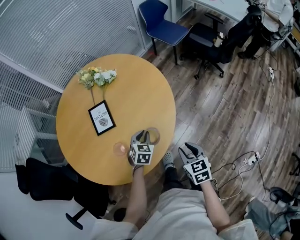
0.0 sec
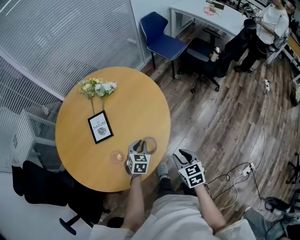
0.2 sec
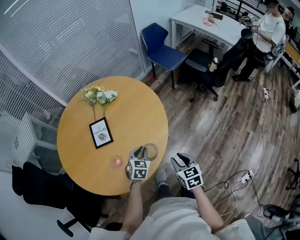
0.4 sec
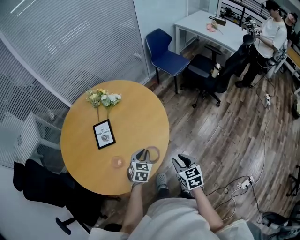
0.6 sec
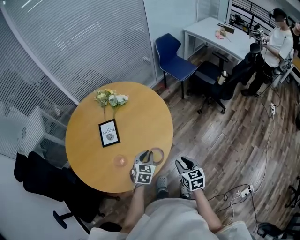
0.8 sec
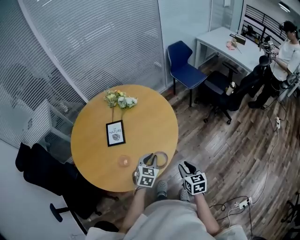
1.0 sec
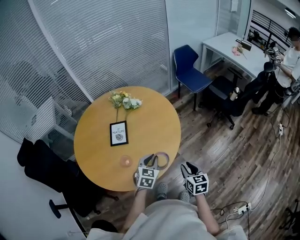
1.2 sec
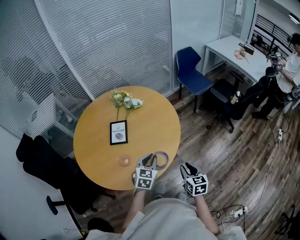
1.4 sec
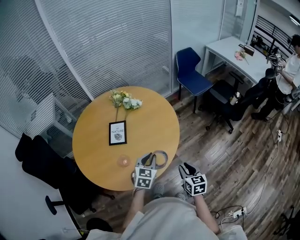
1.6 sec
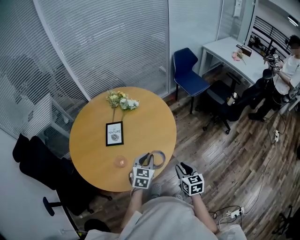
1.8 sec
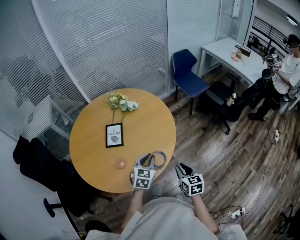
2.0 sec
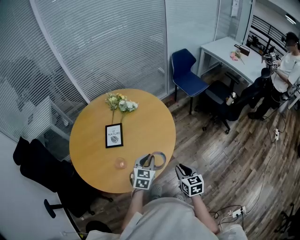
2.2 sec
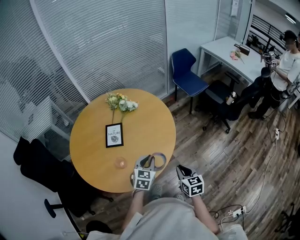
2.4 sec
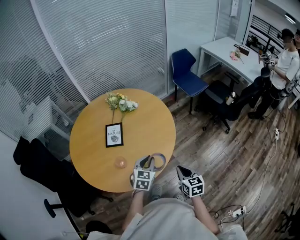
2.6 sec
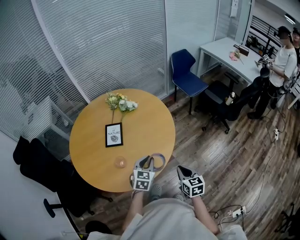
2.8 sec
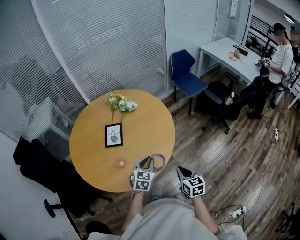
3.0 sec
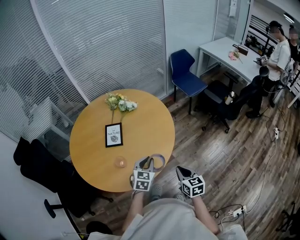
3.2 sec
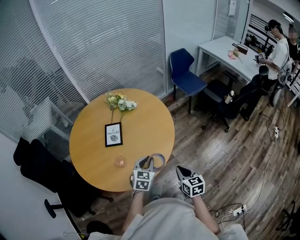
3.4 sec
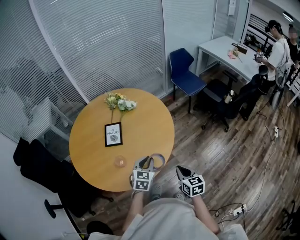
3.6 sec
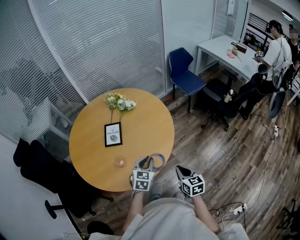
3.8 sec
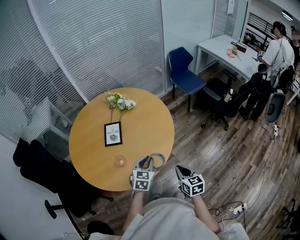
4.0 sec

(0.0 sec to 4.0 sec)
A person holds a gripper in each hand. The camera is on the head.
0.0 sec - 1.4 sec: The left gripper is displaced upward by about 15 cm. Meanwhile the right gripper is displaced upward and to the right by about 10 cm.
1.4 sec - 2.6 sec: The right gripper closes its fingers.
2.6 sec - 4.0 sec: The grippers make only small movements.

**Task directions:** Except for the pictures, write the data out exactly.

**Result:**
0.0 sec
0.2 sec
0.4 sec
0.6 sec
0.8 sec
1.0 sec
1.2 sec
1.4 sec
1.6 sec
1.8 sec
2.0 sec
2.2 sec
2.4 sec
2.6 sec
2.8 sec
3.0 sec
3.2 sec
3.4 sec
3.6 sec
3.8 sec
4.0 sec

(0.0 sec to 4.0 sec)
A person holds a gripper in each hand. The camera is on the head.
0.0 sec - 1.4 sec: The left gripper is displaced upward by about 15 cm. Meanwhile the right gripper is displaced upward and to the right by about 10 cm.
1.4 sec - 2.6 sec: The right gripper closes its fingers.
2.6 sec - 4.0 sec: The grippers make only small movements.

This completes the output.